Logz.io today launched an edition of its observability platform that is intended to be primarily used by artificial intelligence (AI) agents rather than DevOps engineers.

Company CEO Tomer Levy said that as DevOps continues to evolve it’s become apparent that most tasks pertaining to observability will soon be assigned to AI agents. This edition of the Open 360 observability platform exposes machine-readable schemas alongside every panel, allowing AI agents to autonomously create charts, interpret anomalies and modify entire dashboards.

Rather than simply adding a chat bot interface to an existing observability platform, Logz.io is moving to make it possible for DevOps engineers and AI agents to collaboratively observe complex IT environments using a common set of dashboards, said Levy.

That approach still produces insights via a dashboard that can still be read by humans, but the assumption is that AI agents will be the primary end user of those dashboards, he added.

Tasks assigned to those AI agents include executing custom playbooks created by DevOps teams, reviews of new application deployments, cost analysis and security assessments. AI agents can also automatically generate visualizations based on natural language requests, interpret and analyze anomalies in real time and interact with other agents to automate more complex tasks.

Logz.io has already tested this AI agent-first approach with more than 200 IT organizations that have deployed more than 2,000 Logz.io AI Agents, resulting in saving a total of approximately 25,000 engineering hours this month alone—equivalent to 12 full-time SRE positions. At the current adoption rate, Logz.io projects customers will recover roughly 300,000 hours of engineering time over the next year.

It’s not clear how extensively AI agents will change the way DevOps workflows are managed, but it is apparent that with the rise of AI coding tools, the number of applications being deployed by any organization is about to significantly increase. Most existing DevOps teams are not going to be able to keep pace with that rate of application development and deployment without being augmented in some way by AI agents.
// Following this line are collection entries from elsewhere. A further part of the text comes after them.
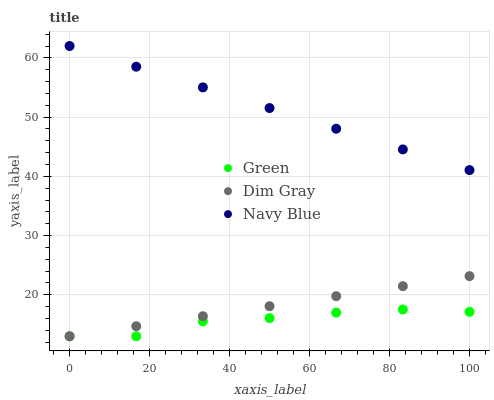
| xaxis_label | Green | Dim Gray | Navy Blue |
 | --- | --- | --- | --- |
 | 0 | 13 | 13 | 62 |
 | 16.7 | 13 | 14.7 | 58.5 |
 | 33.3 | 15.5 | 16.4 | 55 |
 | 50 | 16.1 | 18.1 | 51.5 |
 | 66.7 | 17 | 19.8 | 48 |
 | 83.3 | 17.5 | 21.5 | 44.5 |
 | 100 | 17.1 | 23.1 | 41.1 |
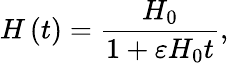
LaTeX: H\left(t\right)=\frac{H_{0}}{1+\varepsilon H_{0}t},
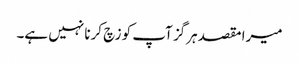
میرا مقصد ہرگز آپ کو زچ کرنا نہیں ہے۔
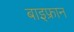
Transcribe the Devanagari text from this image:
बाइफ्रान
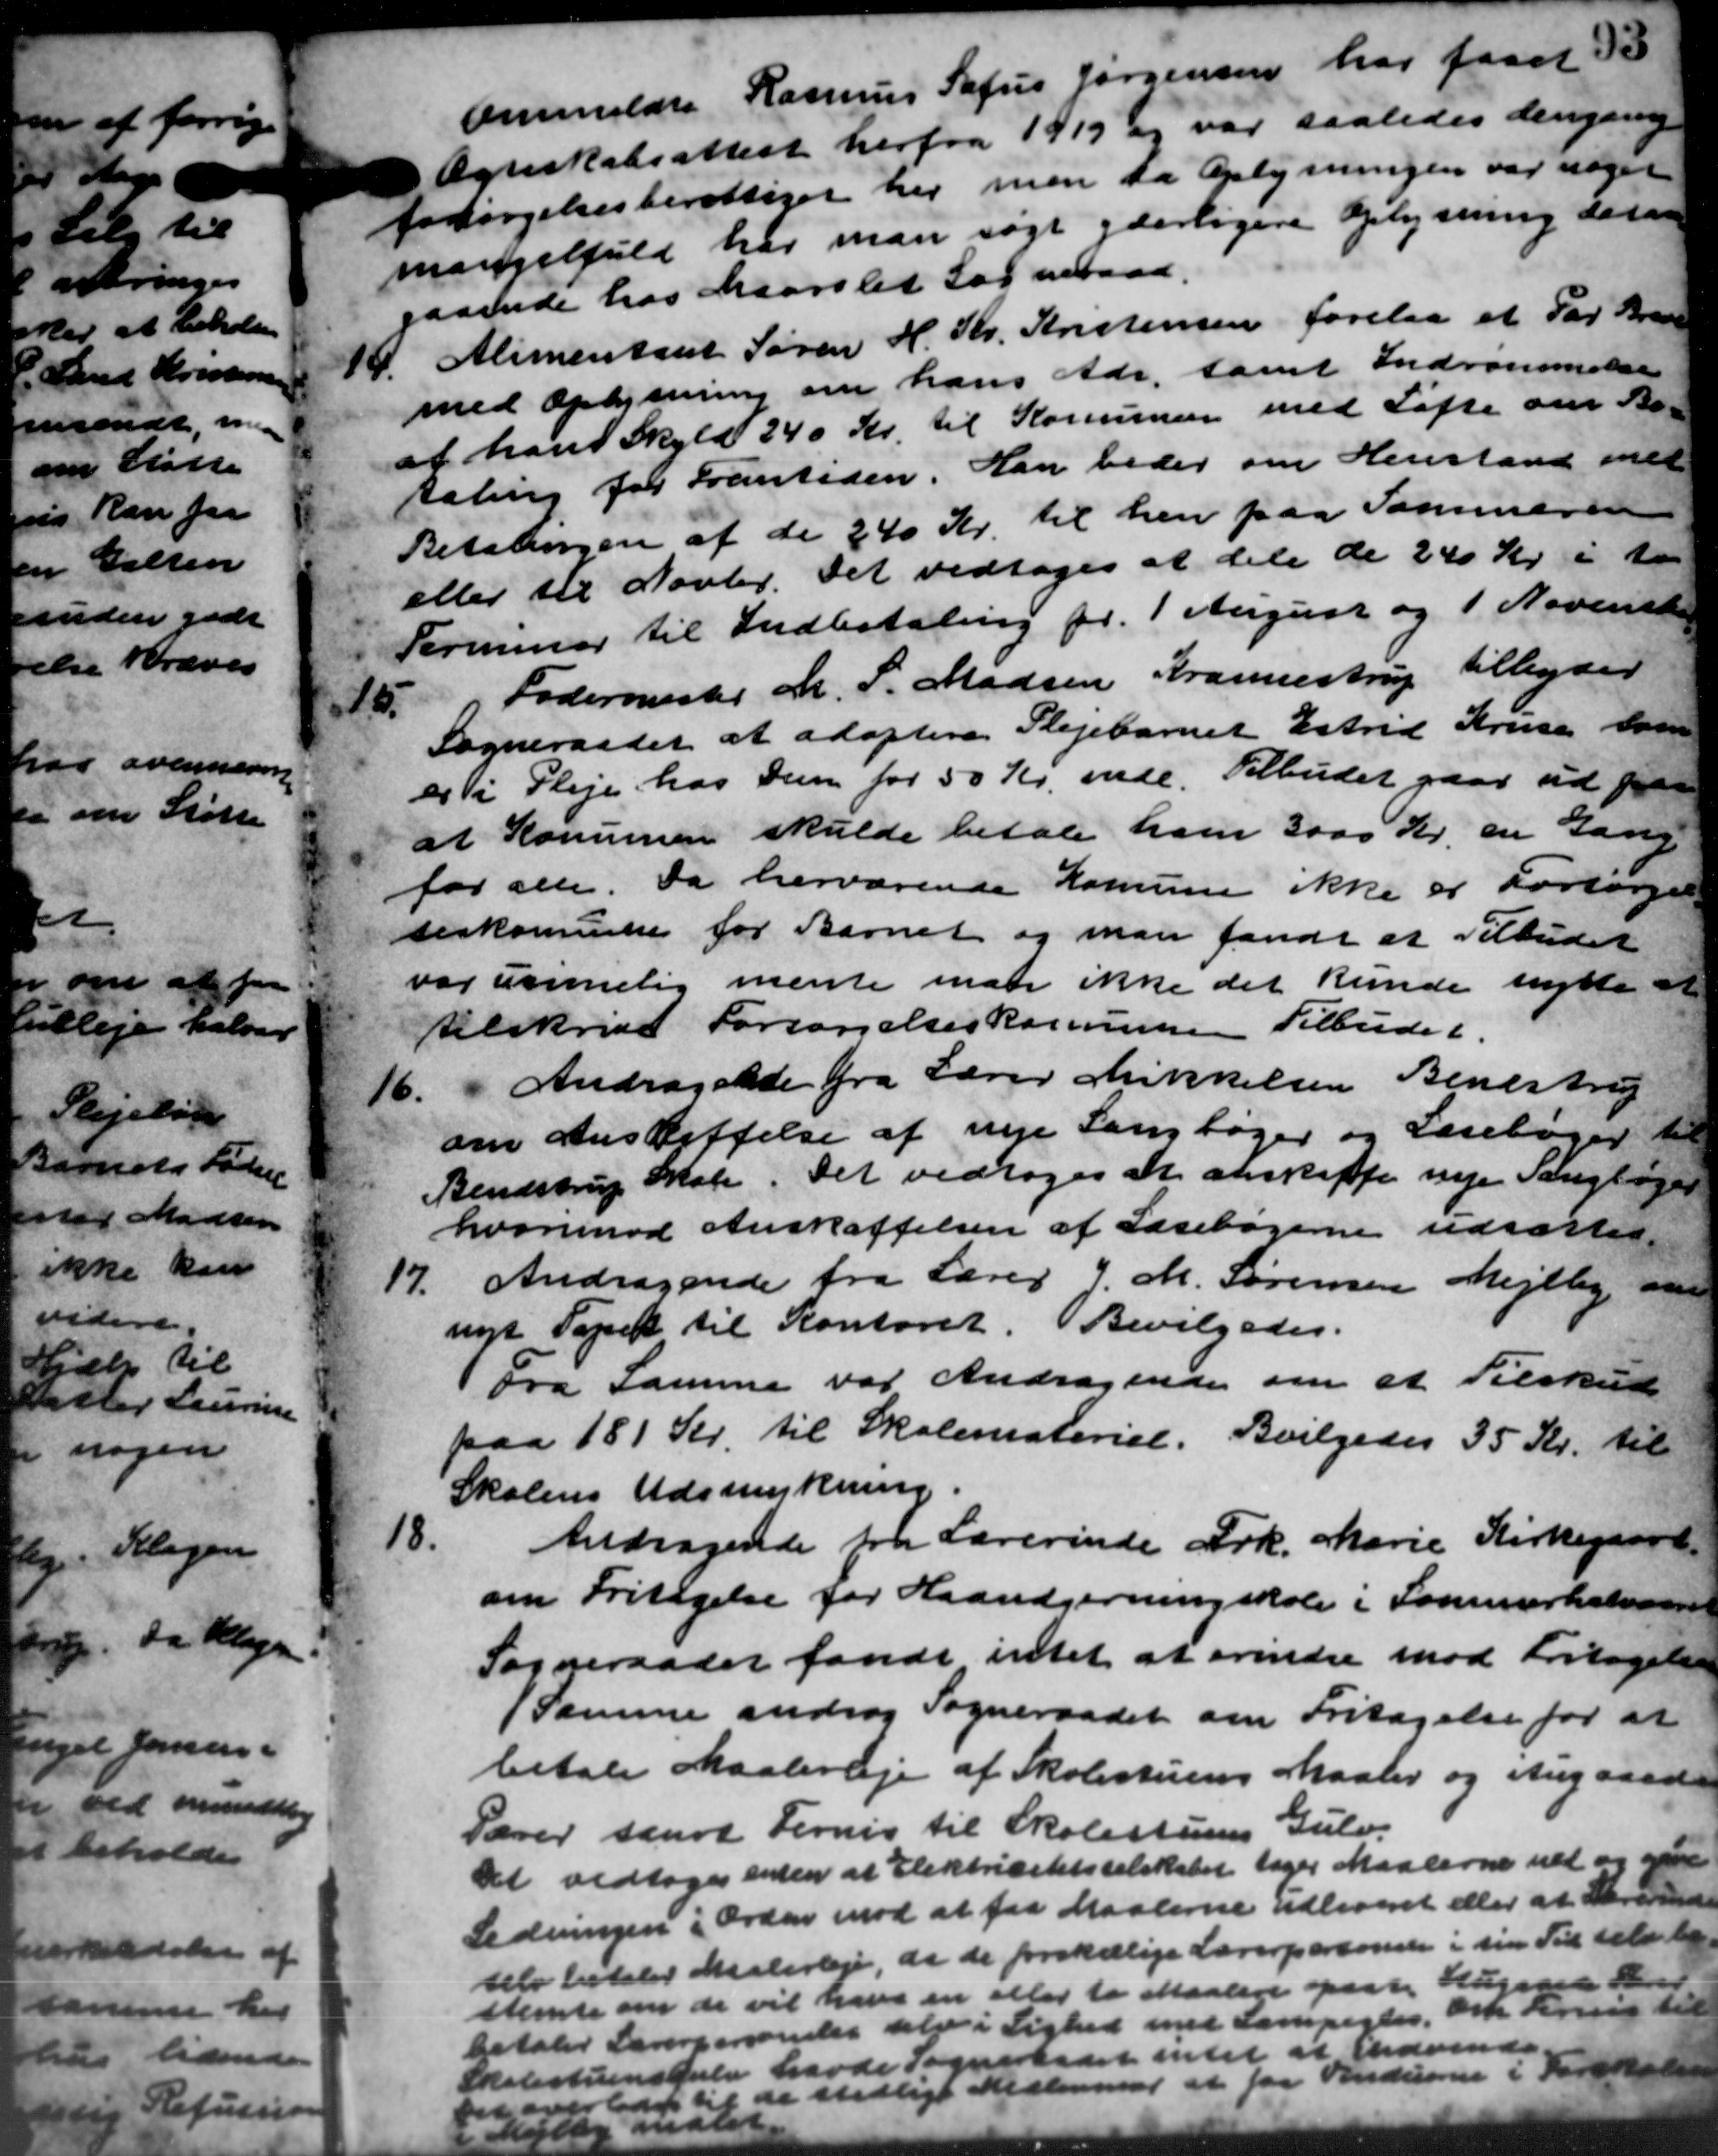
Transskription:
Anmeldte Rasmus Sofus Jørgensen har faaet 35
Egneskabsattest herfra 1919 og var saaledes dengang
forsørgelsesberettiget her men da Oplysningen var noget
mangelfuld har man søgt yderligere Oplysning desan
gaaende hos Maarslet Sogneraad.
14
Alimentant Søren H. Kr. Kristensen forelaa et Par Brand
med Oplysning om hans Adr. samt Indrømmelse
at hans Skyld 240 Kr. til Komunen med Løfte om Be-
taling for Frantiden. Han beder om Henstand indt
Betalingen af de 240 Kr. til hen paa Sammeren
eller til Novbr. Det vedtoges at dele de 240 Kr. i to
Forminer til Indbetaling pr. 1 August og 1 November
15.
Fodermester M. P. Madsen Krannestrup tilbyder
Sogneraadet at adoptere Plejebarnet Estrid Kruse sam
er i Pleje hos den for 50 Kr. inde. Tilbudet gaar ud paa
at Komunen skulde betale ham 3000 Kr. en Gang
for alle. Da herværende Komune ikke er Forsørgel
seskommelse for Barnet og man fandt et Tilbudet
var ummelig mente man ikke det kunde nytte at
tilskrive Forsørgelseskommunen Tilbudet.
16.
Andragende fra Lærer Mikkelsen Bendstrup
om Anskaffelse af nye Langbøger og Læsebøger til
Bendstrup Skole. Det vedtoges at anskaffe nye Sangbøger
hvorimod Anskaffelsen af Læsebøgerne udsættes
Andragende fra Lærer J. M. Sørensen Mejlby om
17.
nyt Tapet til Kontoret. Bevilgedes.
Fra Samme var Andragende om et Tilskud
paa 181 Kr. til Skolemateriel. Bevilgedes 35 Kr. til
Skolens Udstykning.
18.
Andragende fra Lærerinde Ark. Marie Kirkegaard.
om Fritagelse for Haandgerning skole i Sommerholms
Sogneraadet fandt intet at erindre mod Fritagelse
1 Samme androg Sogneraadet om Fritagelse for at
betale Maaleveje af Skolestuens Maaler og Angaaed
Pærer saart Fernis til Skolestuens Gulv.
Det vedtoges anden at Elektricitetsselskabet tager Maalerne ud og sam
Ledningen i Ordan mod at faa Maalerne udleveret eller at Lærereder
selv betaler Malerleje, da de forskellige Lærerpersoner i sin Til selv be-
stemte om de vil hans en eller to Maalere paa Lagende Fred
betaler Lærerpersendes delse i Lighed med Sampegler, ark krig til
Skolestuens gulv havde Sogneraadet intet at udvende.
ra 1 a de stedlige Medlemmer e faa Anderen i Forskel
er malet.
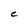
Character: C
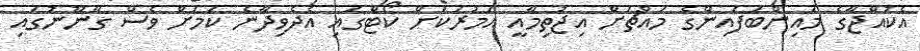
އެކުއްޖާގެ މައިންބަފައިންގެ މައްޗަށް އިޖުތިމާއީ އަމުރަކަށް ކޯޓްގައި އެދެވިދާނެ ކަމަށް ވެސް ގާނޫނުގައި
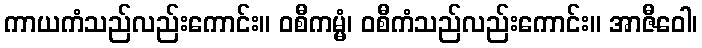
ကာယကံသည်လည်းကောင်း။ ဝစီကမ္မံ၊ ဝစီကံသည်လည်းကောင်း။ အာဇီဝေါ၊
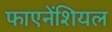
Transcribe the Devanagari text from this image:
फाएनेंशियल
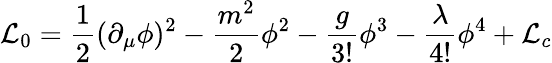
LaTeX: {\cal L}_{0}={\frac{1}{2}}(\partial_{\mu}\phi)^{2}-{\frac{m^{2}}{2}}\phi^{2}-{\frac{g}{3!}}\phi^{3}-{\frac{\lambda}{4!}}\phi^{4}+{\cal L}_{c}
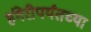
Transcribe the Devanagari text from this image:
हंगेरीपर्यंतच्या
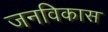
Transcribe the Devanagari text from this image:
जनविकास
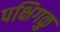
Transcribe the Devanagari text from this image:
पक्षिगळु
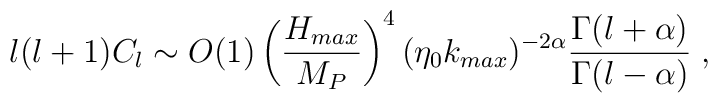
l(l+1) C_l \sim O(1) \left({H_{max}\over M_P}\right)^4 (\eta_0  k_{max})^{-2\alpha}{\Gamma(l+\alpha) \over \Gamma(l- \alpha)}\; ,
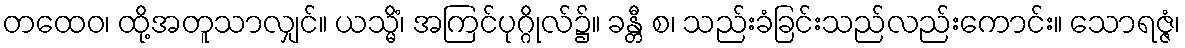
တထေဝ၊ ထို့အတူသာလျှင်။ ယသ္မိံ၊ အကြင်ပုဂ္ဂိုလ်၌။ ခန္တီ စ၊ သည်းခံခြင်းသည်လည်းကောင်း။ သောရဇ္ဇံ၊
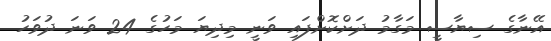
އޭނާގެ ސިޔާސީ މަގާމު ދަށްކޮށްފައި ވަނީ މިދިޔަ މަހުގެ 24 ވަނަ ދުވަހު
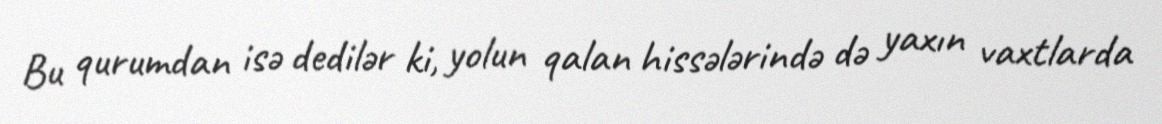
Bu qurumdan isə dedilər ki, yolun qalan hissələrində də yaxın vaxtlarda
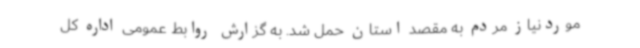
موردنیاز مردم به مقصد استان حمل شد. به گزارش روابط عمومی اداره کل
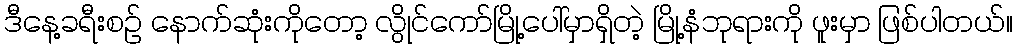
ဒီနေ့ခရီးစဉ် နောက်ဆုံးကိုတော့ လွိုင်ကော်မြို့ပေါ်မှာရှိတဲ့ မြို့နံဘုရားကို ဖူးမှာ ဖြစ်ပါတယ်။
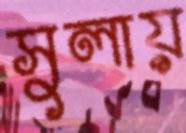
সুলায়
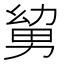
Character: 𭄹
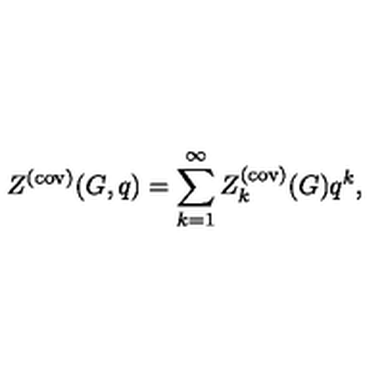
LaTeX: Z ^ { ( \mathrm { c o v ) } } ( G , q ) = \sum _ { k = 1 } ^ { \infty } Z _ { k } ^ { ( \mathrm { c o v ) } } ( G ) q ^ { k } ,
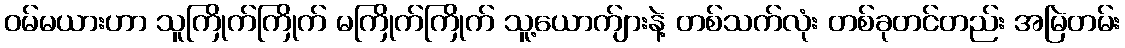
ဝမ်မယားဟာ သူကြိုက်ကြိုက် မကြိုက်ကြိုက် သူ့ယောက်ျားနဲ့ တစ်သက်လုံး တစ်ခုတင်တည်း အမြဲတမ်း
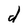
Character: d
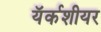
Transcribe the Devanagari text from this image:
यॅर्कशीयर
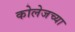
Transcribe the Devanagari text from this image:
कोलेजच्या
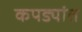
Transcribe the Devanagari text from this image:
कपड्यांत
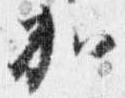
加

The challenge then becomes determining which tasks are best assigned to an AI agent versus those that still require the expertise of a DevOps engineer. Over time, however, DevOps engineers will find themselves supervising a small army of AI agents that have been trained to perform a range of specific tasks.

Ultimately, AI agents should make applications both more resilient and secure as anomalous behavior is identified sooner. Armed with those insights, it then becomes feasible for application developers that are similarly augmented by AI agents to troubleshoot applications in a way that results in more issues being resolved long before they have any meaningful impact on the organization.

In fact, AI agents should make it possible for more organizations to benefit from observability by proactively addressing application issues rather than simply continuing to monitor a set of pre-defined metrics that provide limited actionable intelligence. That, of course, might take some time for IT professionals to accept and fully trust, but in time, many of the tasks that conspire to make managing DevOps workflows more tedious will, like it or not, be increasingly performed by AI agents.